Близился праздник солнцестояния. Народу в поселке прибыло: молодежи – повеселиться на пойменном лугу, старшим – поговорить.
– А холостым повысматривать, – многозначительно сказал он Голвегу.
– Решил наконец найти себе красавицу и умницу?! – просиял старый товарищ.
– Красавицы и умницы, – отвечал Аранарт, – пусть выходят за тех, кто влюбится в них. А мне хватит девушки с покладистым нравом, которая будет хотеть того же, чего и я: полной пещеры детей.
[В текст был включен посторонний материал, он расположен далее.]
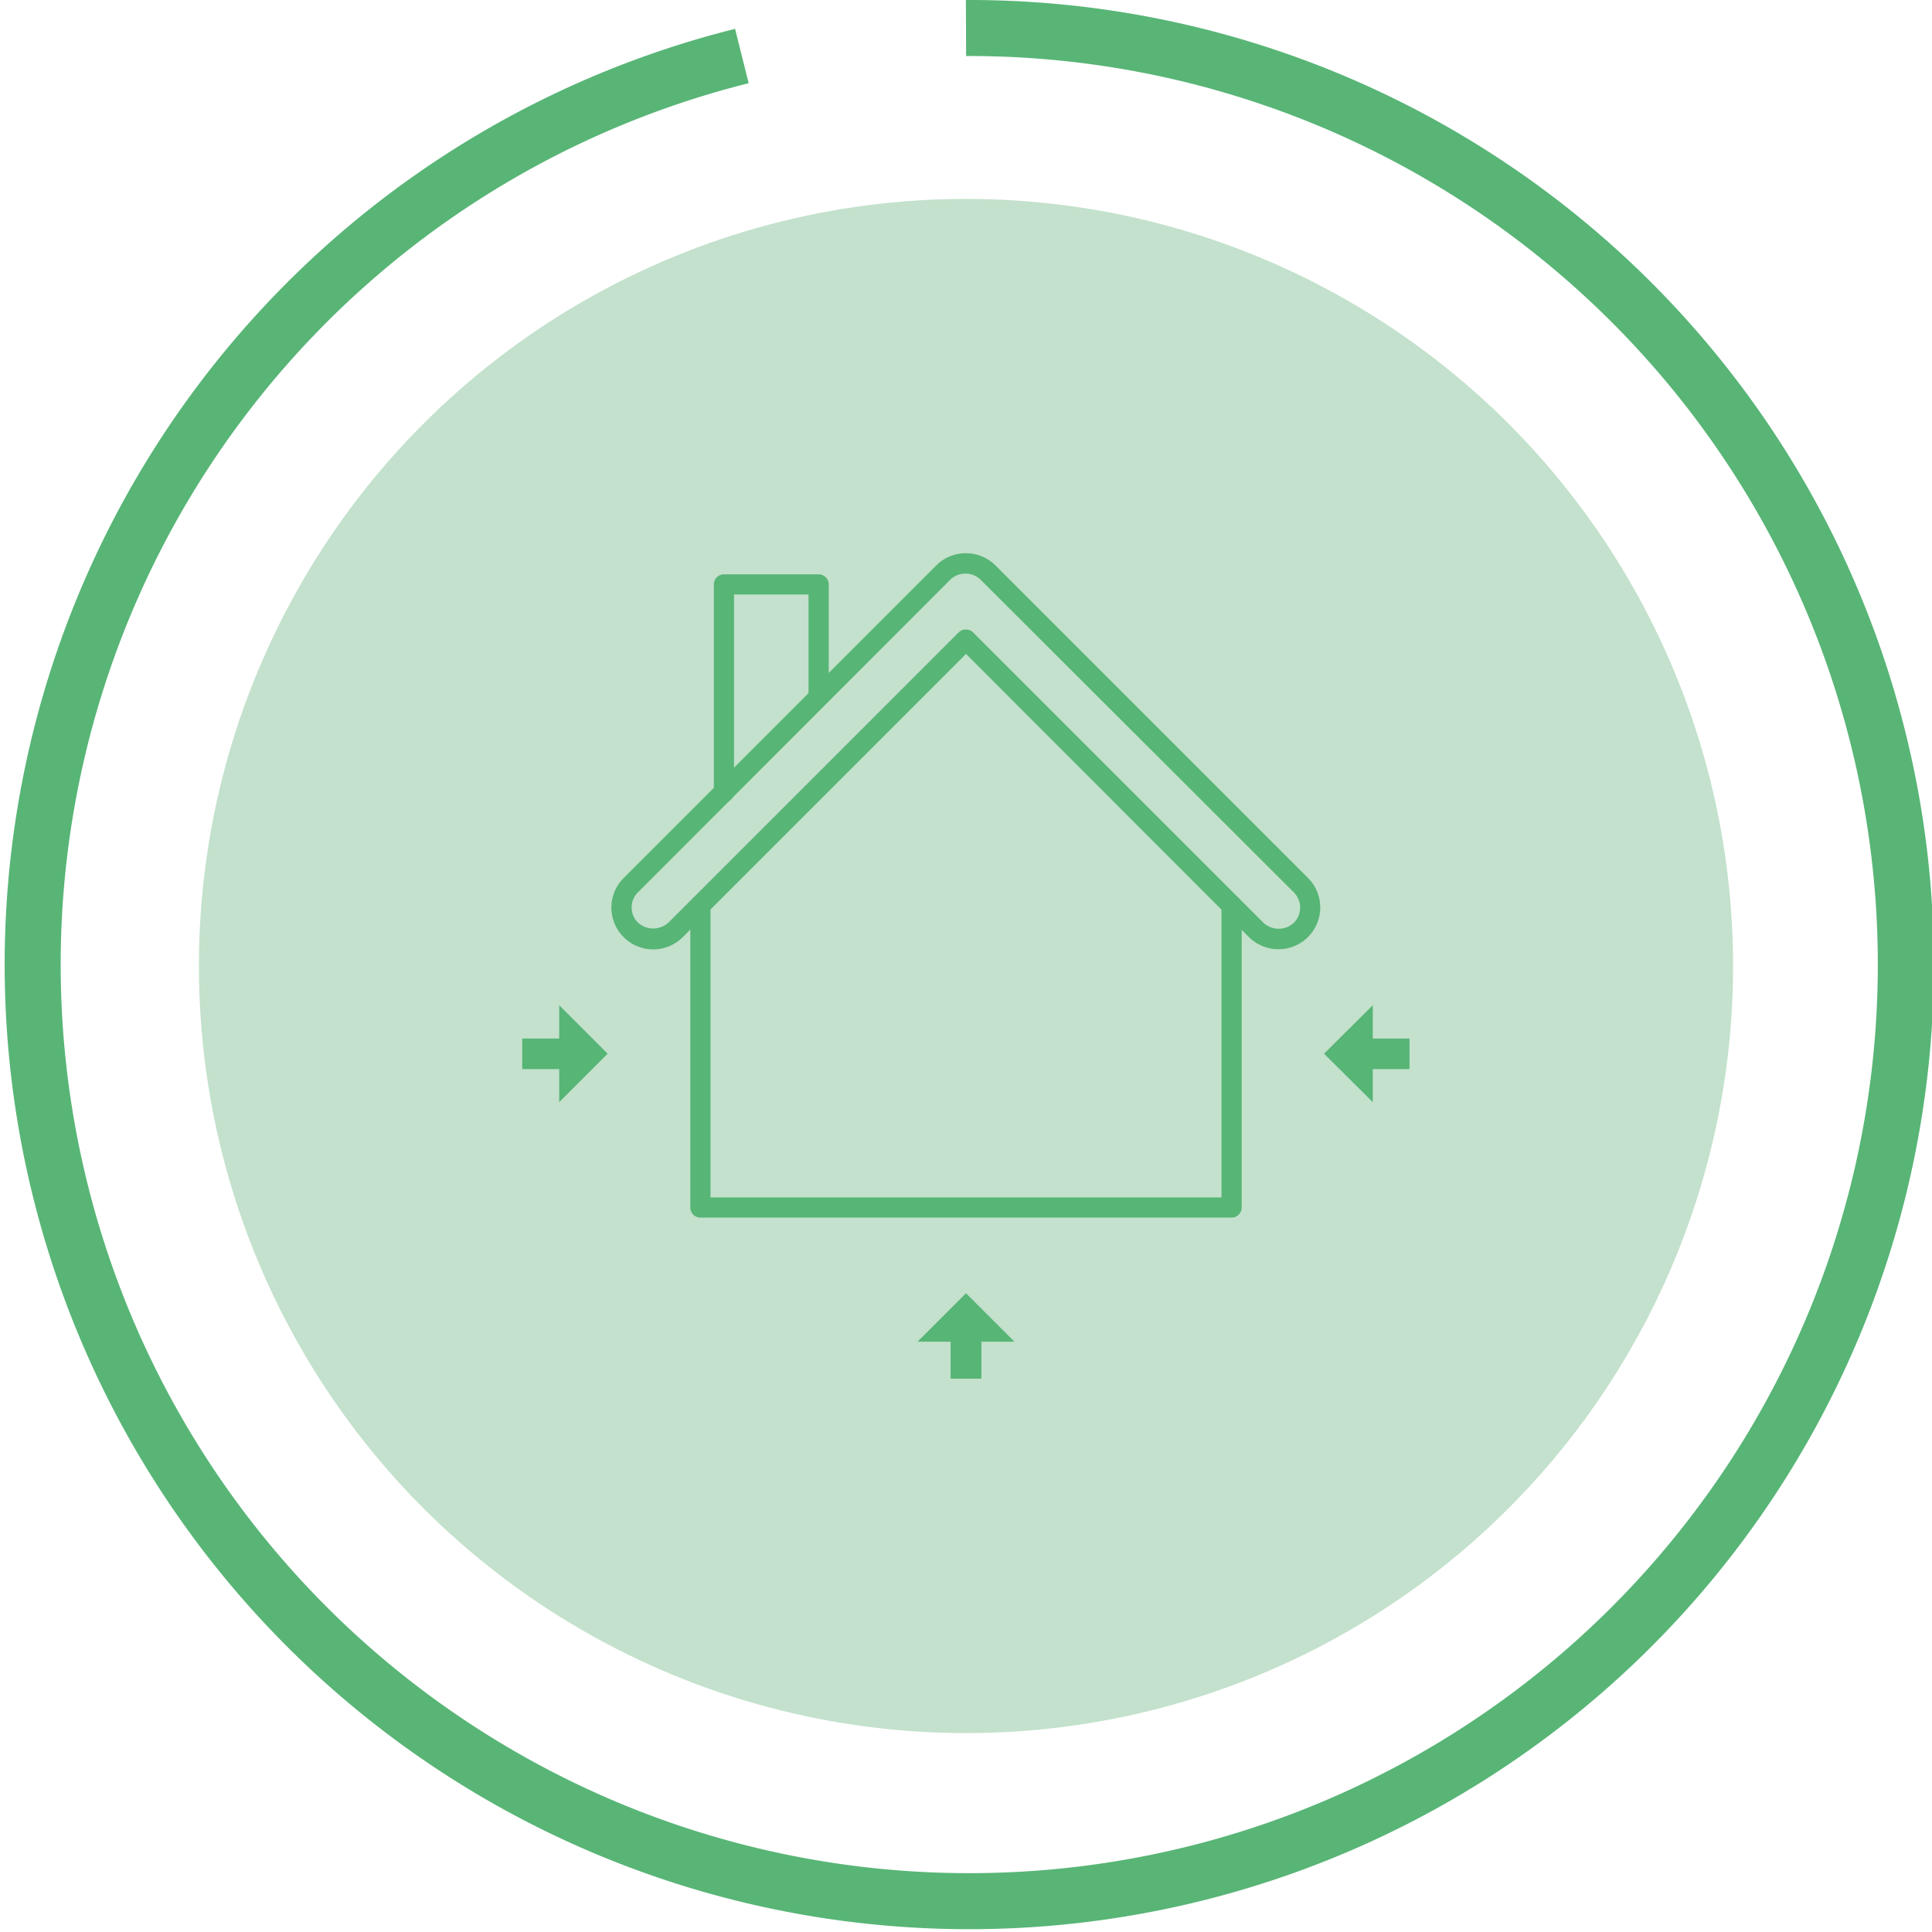 <svg xmlns="http://www.w3.org/2000/svg" viewBox="0 0 68.96 68.96"><defs><style>.cls-1{fill:none;stroke:#58b576;stroke-miterlimit:10;stroke-width:2px;}.cls-2{fill:#c3e1cc;}.cls-3{fill:#57b576;}</style></defs><g id="Calque_2" data-name="Calque 2"><g id="Layer_1" data-name="Layer 1"><g id="Enveloppe_du_bâtiment_-_95" data-name="Enveloppe du bâtiment - 95"><path class="cls-1" d="M34.48,1a33.43,33.43,0,1,1-8,1"/><circle id="Icon.BG" class="cls-2" cx="34.48" cy="34.48" r="27.38"/><polygon class="cls-3" points="35.03 49.21 35.03 47.89 36.21 47.89 34.48 46.16 32.75 47.89 33.93 47.89 33.93 49.21 35.03 49.21"/><g id="house"><path id="Tracé_11574" data-name="Tracé 11574" class="cls-3" d="M44,43.46H25a.36.36,0,0,1-.36-.36V32.31a.36.36,0,1,1,.72,0V42.74H43.6V32.31a.36.36,0,0,1,.72,0h0V43.1a.36.36,0,0,1-.36.36Z"/><path id="Tracé_11575" data-name="Tracé 11575" class="cls-3" d="M45.64,33.88a1.49,1.49,0,0,1-1.06-.43L34.48,23.34,24.37,33.45a1.49,1.49,0,0,1-2.11-2.11L33.42,20.18a1.5,1.5,0,0,1,2.11,0L46.69,31.34a1.49,1.49,0,0,1-1,2.54ZM34.48,22.47a.35.35,0,0,1,.25.1L45.1,32.94a.8.8,0,0,0,1.08,0,.77.77,0,0,0,0-1.09h0L35,20.69a.78.78,0,0,0-1.08,0L22.77,31.85a.76.76,0,0,0,0,1.08h0a.81.81,0,0,0,1.09,0L34.22,22.57a.35.35,0,0,1,.26-.1Z"/><path id="Tracé_11576" data-name="Tracé 11576" class="cls-3" d="M25.84,28.64a.36.36,0,0,1-.36-.36h0V20.86a.36.36,0,0,1,.36-.36h3.38a.36.36,0,0,1,.36.36h0v4a.36.36,0,0,1-.72,0h0V21.22H26.2v7.06a.36.36,0,0,1-.36.36Z"/></g><polygon class="cls-3" points="50.31 37.07 49 37.07 49 35.88 47.26 37.61 49 39.34 49 38.16 50.31 38.16 50.31 37.07"/><polygon class="cls-3" points="18.64 37.07 19.96 37.07 19.96 35.88 21.69 37.61 19.96 39.34 19.96 38.16 18.64 38.16 18.64 37.07"/></g></g></g></svg>

Мальчишек.
– С покладистым нравом, говоришь? – переспросил Голвег и отчего-то вздохнул.
Аранарт вопросительно взглянул на него.
– Да была одна такая… – разведчик говорил неуверенно, словно решая, отвечать или отказаться, – тоже вот покладистость главным достоинством считала. Только наоборот: в будущем муже.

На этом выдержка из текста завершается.